At his memorial I remembered, it all started because of Gordon. One man made a huge impact simply by the force of his passion. I'd say that's pretty incredible.

 

February 18, 2005

Happy Birthday EVillMom!

Make a Wish!

"Men are what their mothers made them."
- Ralph Waldo Emerson

Happy Birthday Sandy! Thank you for making your son such a lovely, warm person.

Best Wishes,
The Other Brian

 

February 14, 2005

Mediterranean Chicken Stew

I made this tasty dish Sunday evening. I started with a recipe in a magazine but eventually just started adding what I wanted in it. Also, I'm not really good at following recipes, so the amounts, unless in a can or bag, kind of vary. Adjust depending on the amount you want to make.

1 - 2 pounds boneless, skinless chicken breast, cut into chunks
olive oil
garlic, minced
1 bag of prewashed baby spinach
1 - 2 cans ground tomatoes (1 would be fine, but I wanted to eat this for my lunches so I threw in more)
1 can chickpeas, drained and rinsed
1 can artichoke hearts
chopped, pitted Kalamata olives
salt and pepper

Cook chicken in a little of the oil. Once done, put aside.

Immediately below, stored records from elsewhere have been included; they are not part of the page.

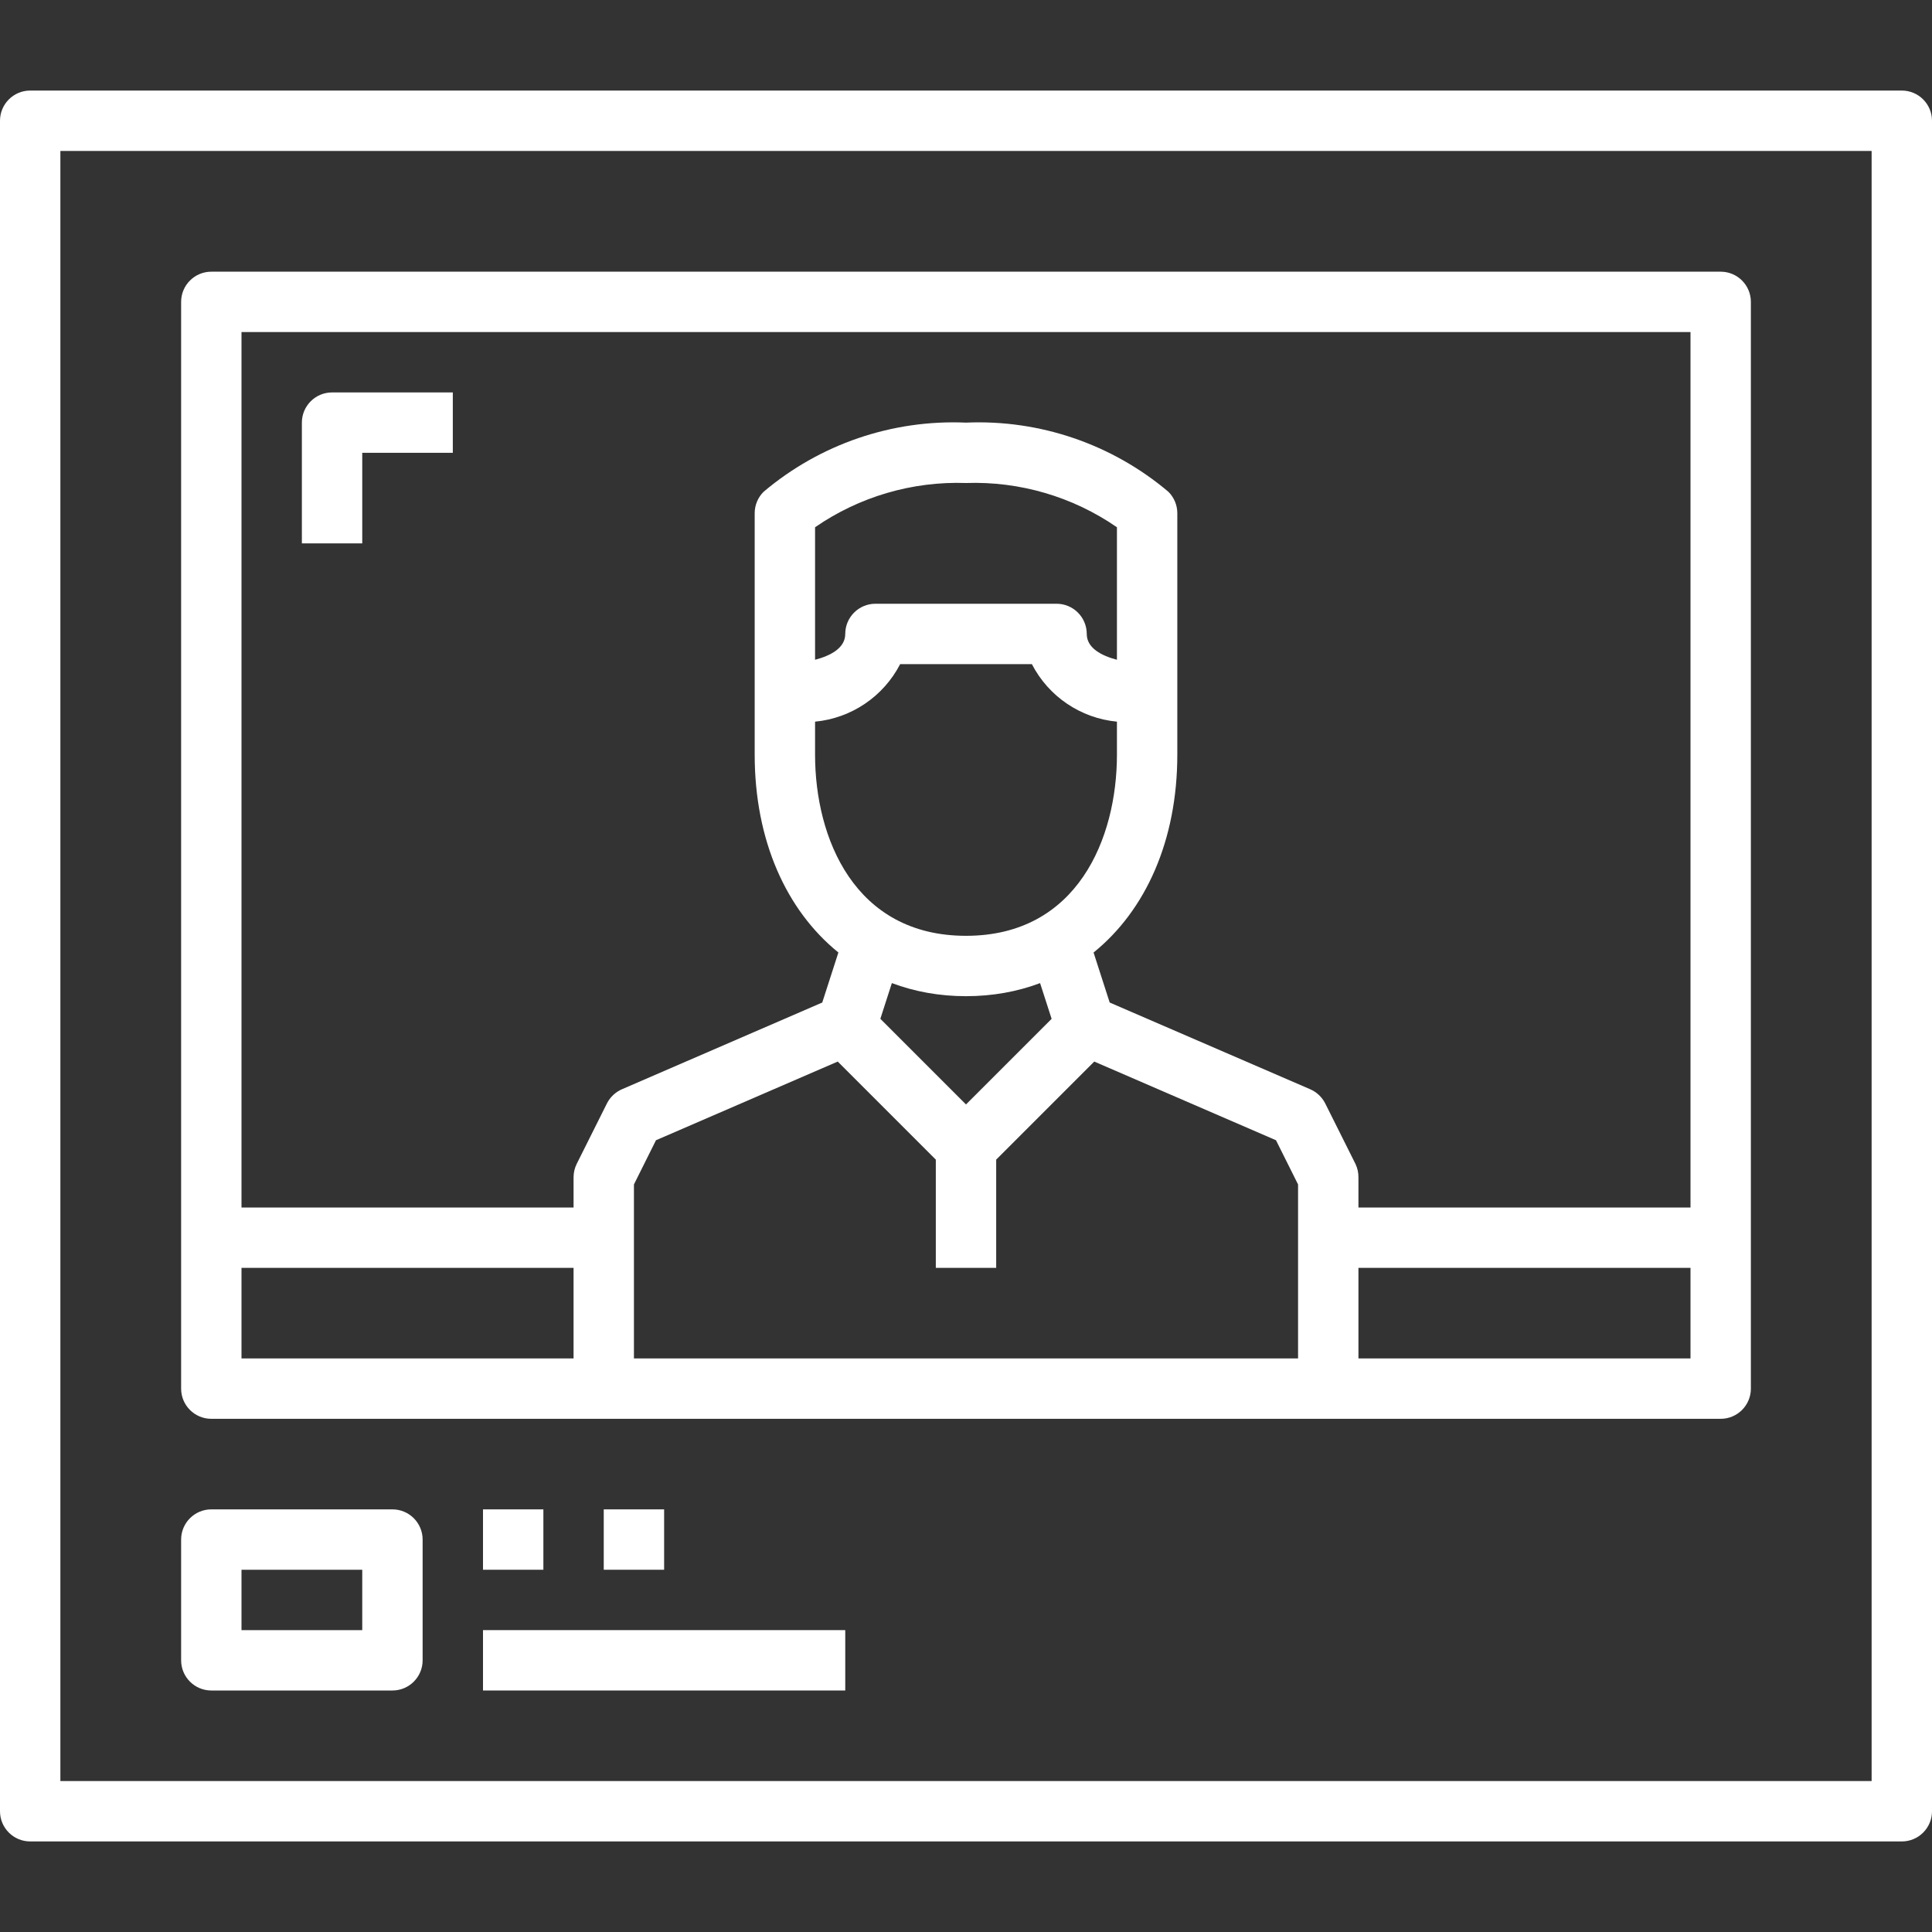 <?xml version="1.0" encoding="iso-8859-1"?>
<!-- Generator: Adobe Illustrator 19.0.0, SVG Export Plug-In . SVG Version: 6.00 Build 0)  -->
<svg xmlns="http://www.w3.org/2000/svg" xmlns:xlink="http://www.w3.org/1999/xlink" version="1.1" id="Capa_1" x="0px" y="0px" viewBox="0 0 512 512" style="enable-background:new 0 0 512 512;" xml:space="preserve" width="512px" height="512px">
<rect x="0" y="0" width="512" height="512" fill="#333333" stroke="none"/>
<g>
	<g>
		<g>
			<path d="M504,24H8c-4.418,0-8,3.582-8,8v448c0,4.418,3.582,8,8,8h496c4.418,0,8-3.582,8-8V32C512,27.582,508.418,24,504,24z      M496,472H16V40h480V472z" fill="#ffffff"/>
			<path d="M56,376h400c4.418,0,8-3.582,8-8V80c0-4.418-3.582-8-8-8H56c-4.418,0-8,3.582-8,8v288C48,372.418,51.582,376,56,376z      M64,336h88v24H64V336z M296,174.845c-4-1.052-8-3.053-8-6.845c0-4.418-3.582-8-8-8h-48c-4.418,0-8,3.582-8,8     c0,3.792-4,5.792-8,6.845v-35.117c11.729-8.102,25.753-12.214,40-11.728c14.247-0.486,28.271,3.626,40,11.728V174.845z      M216,191.248c9.621-0.918,18.116-6.662,22.552-15.248h34.904c4.431,8.587,12.925,14.332,22.544,15.248V200     c0,22.144-10.48,48-40,48s-40-25.856-40-48V191.248z M256,264c7.042,0,13.626-1.21,19.634-3.466l3.055,9.466L256,292.688     l-22.697-22.697l3.05-9.461C242.364,262.788,248.952,264,256,264z M222.013,281.325L248,307.312V336h16v-28.688l25.987-25.987     l48.165,20.851L344,313.888V360H168v-46.112l5.84-11.712L222.013,281.325z M360,360v-24h88v24H360z M448,88v232h-88v-8     c0.014-1.238-0.26-2.462-0.8-3.576l-8-16c-0.852-1.685-2.267-3.018-4-3.768l-53.12-22.976l-4.274-13.254     C303.644,241.24,312,222.684,312,200v-16v-48c0-2.122-0.844-4.156-2.344-5.656C294.713,117.702,275.555,111.152,256,112     c-19.555-0.848-38.712,5.702-53.656,18.344c-1.5,1.5-2.344,3.534-2.344,5.656v48v16c0,22.68,8.35,41.232,22.182,52.419     l-4.278,13.261l-53.064,22.976c-1.733,0.75-3.148,2.083-4,3.768l-8,16c-0.554,1.111-0.841,2.335-0.84,3.576v8H64V88H448z" fill="#ffffff"/>
			<path d="M56,448h48c4.418,0,8-3.582,8-8v-32c0-4.418-3.582-8-8-8H56c-4.418,0-8,3.582-8,8v32C48,444.418,51.582,448,56,448z      M64,416h32v16H64V416z" fill="#ffffff"/>
			<rect x="128" y="400" width="16" height="16" fill="#ffffff"/>
			<rect x="160" y="400" width="16" height="16" fill="#ffffff"/>
			<rect x="128" y="432" width="96" height="16" fill="#ffffff"/>
			<path d="M96,120h24v-16H88c-4.418,0-8,3.582-8,8v32h16V120z" fill="#ffffff"/>
		</g>
	</g>
</g>
<g>
</g>
<g>
</g>
<g>
</g>
<g>
</g>
<g>
</g>
<g>
</g>
<g>
</g>
<g>
</g>
<g>
</g>
<g>
</g>
<g>
</g>
<g>
</g>
<g>
</g>
<g>
</g>
<g>
</g>
</svg>

Heat some oil in a pot and cook the minced garlic. Add the spinach. Let it cook or wilt or whatever the cooking term is.

Add the tomatoes, chickpeas and artichoke hearts. Let it cook, stirring occasionally. Stir in the chicken. Add the olives. Season to taste.

Serve nice and hot. I sprinkled a little feta on top. Very yummy. Enjoy.

 

February 09, 2005

Come And Knock On Our Door...

Yesterday our landlord left us a message to let us know they processed The Roommate's boyfriend's application and he has been approved to move in. It was a strange message they left. In it they said "We approve of him and your relationship." (Uh...gee thanks, I guess.) They are kind of weird like that.

To celebrate we ordered a ton of chinese food and watched TV. I recently joined NetFlix so we are going to have an Oz - Season 3 palooza at Casa de los Tres all week. (Or should it be Casa de los Cuatro since there is The Cat.)

Mmm...sesame chicken and Chris Meloni. I ask you, "what else do you need?"

In other news, my back is getting better but still nowhere near normal. It's going to take some time. I'm more mobile than I was but still crooked looking and have huge bouts of pain. Bleah. I'm trying to navigate it as much as possible without the aid of pain killers. I may wax romantic about those little blue pills in posts on this blog, but in truth, I hate taking them and am ever cautious about feeling like a need them. There have been way too many addicts in my family. I don't need to join there ranks.

My current back woes have postponed my plans to purchase a bicycle. I love my neighborhood but realize I drive my car way too much around it. It's kind of pathetic really. And lazy. Plus, I live near a gorgeous park with great biking trails. And it's good exercise and blah blah blah, you know. Hopefully, I'll be cleared for activity other than walking like an old man and buckling over with spasms soon.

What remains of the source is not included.